Average width of realized 95% confidence intervals.

Percentage of realized 95% confidence intervals containing the true parameter value.

Uncertainty in the input θ for estimation of Ω_T neglected (true parameter value θ = 1.7%, while the estimated β_T was used as the input θ).

Discussion

The use of tests for recent infection to infer incidence is of considerable and increasing interest, especially for HIV surveillance. It is a fundamental limitation that all currently available (and perhaps all conceivable) tests with a long enough mean duration of recent infection for statistical robustness also have some people with “recent” results at arbitrarily long times after infection. If there were no such “false-recent” results, the use of recency tests for incidence estimation would be straightforward, as shown, for example, by Brookmeyer and Quinn.⁵ Various methodological advances to accommodate a non-zero “false-recent rate” have attracted attention, but consensus has not emerged on the best approach. Previous derivations of incidence estimators have relied on strong assumptions: perhaps most crucially that the “false-recent rate” is an innate property of the test, rather than a convolution of test properties with the demographic and epidemiologic context. This assumption is known to be substantially violated.
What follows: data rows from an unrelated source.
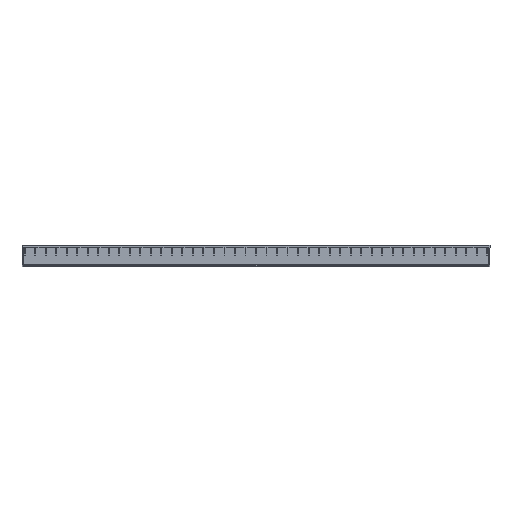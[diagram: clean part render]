
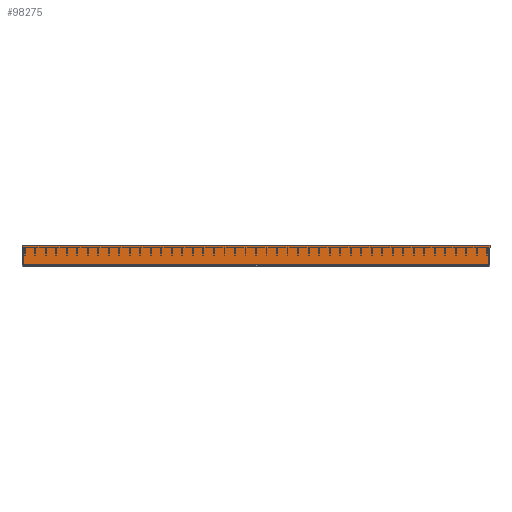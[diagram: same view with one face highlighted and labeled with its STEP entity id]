
A CAD part, top view. The second image highlights one B-rep face of the part: STEP entity #98275.
In plain terms, the highlighted planar face has unit normal (0, 0, 1).
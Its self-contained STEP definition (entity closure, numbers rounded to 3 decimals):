
#465 = CARTESIAN_POINT ( 'NONE',  ( 490., -10., 0. ) ) ;
#22059 = EDGE_CURVE ( 'NONE', #174063, #169287, #126426, .T. ) ;
#23597 = CARTESIAN_POINT ( 'NONE',  ( 0., -3.333, 0. ) ) ;
#23972 = DIRECTION ( 'NONE',  ( 0., -1., 0. ) ) ;
#25161 = CARTESIAN_POINT ( 'NONE',  ( 0., 10., 0. ) ) ;
#25828 = VECTOR ( 'NONE', #23972, 1000. ) ;
#32942 = AXIS2_PLACEMENT_3D ( 'NONE', #223725, #116569, #61987 ) ;
#33309 = ORIENTED_EDGE ( 'NONE', *, *, #41453, .F. ) ;
#41453 = EDGE_CURVE ( 'NONE', #169287, #140757, #193542, .T. ) ;
#44021 = PLANE ( 'NONE',  #32942 ) ;
#44352 = B_SPLINE_CURVE_WITH_KNOTS ( 'NONE', 3,
 ( #166589, #23597, #132168, #25161 ),
 .UNSPECIFIED., .F., .F.,
 ( 4, 4 ),
 ( 0., 1. ),
 .UNSPECIFIED. ) ;
#46465 = FACE_OUTER_BOUND ( 'NONE', #187776, .T. ) ;
#61987 = DIRECTION ( 'NONE',  ( 0., 1., 0. ) ) ;
#82773 = DIRECTION ( 'NONE',  ( -1., 0., 0. ) ) ;
#92507 = LINE ( 'NONE', #189835, #98130 ) ;
#92953 = EDGE_CURVE ( 'NONE', #174063, #223552, #92507, .T. ) ;
#98130 = VECTOR ( 'NONE', #82773, 1000. ) ;
#98275 = ADVANCED_FACE ( 'NONE', ( #46465 ), #44021, .F. ) ;
#101870 = CARTESIAN_POINT ( 'NONE',  ( 0., 10., 0. ) ) ;
#116569 = DIRECTION ( 'NONE',  ( 0., 0., -1. ) ) ;
#117940 = VECTOR ( 'NONE', #153686, 1000. ) ;
#126426 = LINE ( 'NONE', #184172, #25828 ) ;
#132168 = CARTESIAN_POINT ( 'NONE',  ( 0., 3.333, 0. ) ) ;
#140757 = VERTEX_POINT ( 'NONE', #180104 ) ;
#141571 = ORIENTED_EDGE ( 'NONE', *, *, #22059, .F. ) ;
#142428 = EDGE_CURVE ( 'NONE', #140757, #223552, #44352, .T. ) ;
#153686 = DIRECTION ( 'NONE',  ( -1., 0., 0. ) ) ;
#166589 = CARTESIAN_POINT ( 'NONE',  ( 0., -10., 0. ) ) ;
#169287 = VERTEX_POINT ( 'NONE', #465 ) ;
#174063 = VERTEX_POINT ( 'NONE', #214164 ) ;
#180104 = CARTESIAN_POINT ( 'NONE',  ( 0., -10., 0. ) ) ;
#184172 = CARTESIAN_POINT ( 'NONE',  ( 490., 10., 0. ) ) ;
#187776 = EDGE_LOOP ( 'NONE', ( #207611, #203058, #33309, #141571 ) ) ;
#189835 = CARTESIAN_POINT ( 'NONE',  ( 490., 10., 0. ) ) ;
#193542 = LINE ( 'NONE', #206868, #117940 ) ;
#203058 = ORIENTED_EDGE ( 'NONE', *, *, #142428, .F. ) ;
#206868 = CARTESIAN_POINT ( 'NONE',  ( 490., -10., 0. ) ) ;
#207611 = ORIENTED_EDGE ( 'NONE', *, *, #92953, .T. ) ;
#214164 = CARTESIAN_POINT ( 'NONE',  ( 490., 10., 0. ) ) ;
#223552 = VERTEX_POINT ( 'NONE', #101870 ) ;
#223725 = CARTESIAN_POINT ( 'NONE',  ( 490., 10., 0. ) ) ;
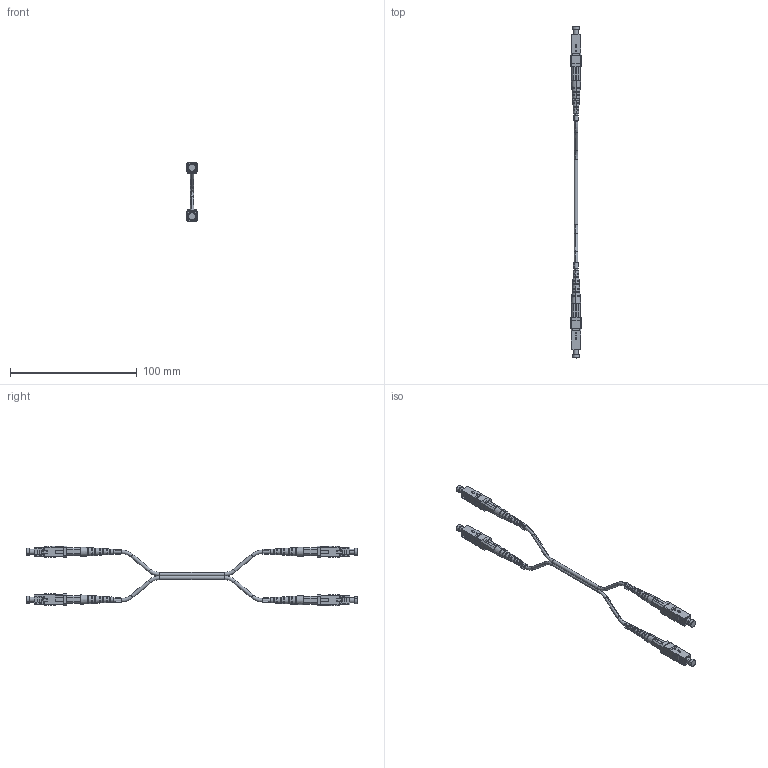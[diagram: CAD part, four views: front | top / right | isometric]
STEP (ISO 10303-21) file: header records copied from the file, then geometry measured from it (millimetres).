
FILE_DESCRIPTION (( 'STEP AP214' ), '1' );
FILE_NAME ('FODSC50-COLOR.STEP', '2007-11-14T15:23:33', ( ' ' ), ( ' ' ), 'SwSTEP 2.0', 'SolidWorks 2007', '' );
FILE_SCHEMA (( 'AUTOMOTIVE_DESIGN' ));
Length unit declared in the file: inch
Products named in the file (10): FOC-101BA MA2; FOC-101BA MA5; FOC-101BA MA1; FOC-101BA MA3; FOC-101BA MA4; LBL-C3P-B; FODSC50-COLOR; FOC-101BA; LBL-C3P-A; 1AL06-002
Assembly tree (14 placements, depth 3):
  FODSC50-COLOR
    1AL06-002
    FOC-101BA  x4
      FOC-101BA MA3
      FOC-101BA MA4
      FOC-101BA MA5
      FOC-101BA MA1
      FOC-101BA MA2
    LBL-C3P-A  x2
    LBL-C3P-B  x2
Bounding box: 8.89 x 262.29 x 47.19 mm (x, y, z)
Volume: 9629.7 mm3; surface area: 20020.2 mm2
Topology: 25 solids, 25 shells, 1279 faces, 3617 edges, 2366 vertices
Faces by surface type: plane 1044, cylinder 161, cone 32, torus 24, bspline 18
Entity records: 14631 total; most frequent: CARTESIAN_POINT 3059, ORIENTED_EDGE 2074, DIRECTION 1962, EDGE_CURVE 1037, VECTOR 698, LINE 698, VERTEX_POINT 672, AXIS2_PLACEMENT_3D 632

We suggest here a formal approach to summarize an arbitrarily complicated recent infection test dynamic into two parameters, namely a mean duration of recent infection and a false-recent rate. A crucial construct is the introduction of a timescale T, describing the dynamic range of recency. The consequence of relaxing the assumptions made by the incidence estimators developed previously is that demography and epidemiology are no longer perfectly separated from test characteristics, reflecting fundamental limitations to the inference of rates from instantaneous population states. If the false-recent rate is very close to zero, the limitations imposed by a non-zero false-recent rate become minor and its variation over time and place is restricted.

The present analysis offers the opportunity to consistently account for imperfect accuracy and precision of the incidence estimator. The utility of the estimator may be assessed in terms of changes in incidence and the susceptible population over the preceding period of duration T, the probability of survival for T post infection, and the recency test performance. The cross-sectional incidence estimator will be informative at feasible sample sizes, in a given context, for a suitably well-behaved recency test, i.e., a test with a suitably long mean duration of recent infection and low false-recent rate.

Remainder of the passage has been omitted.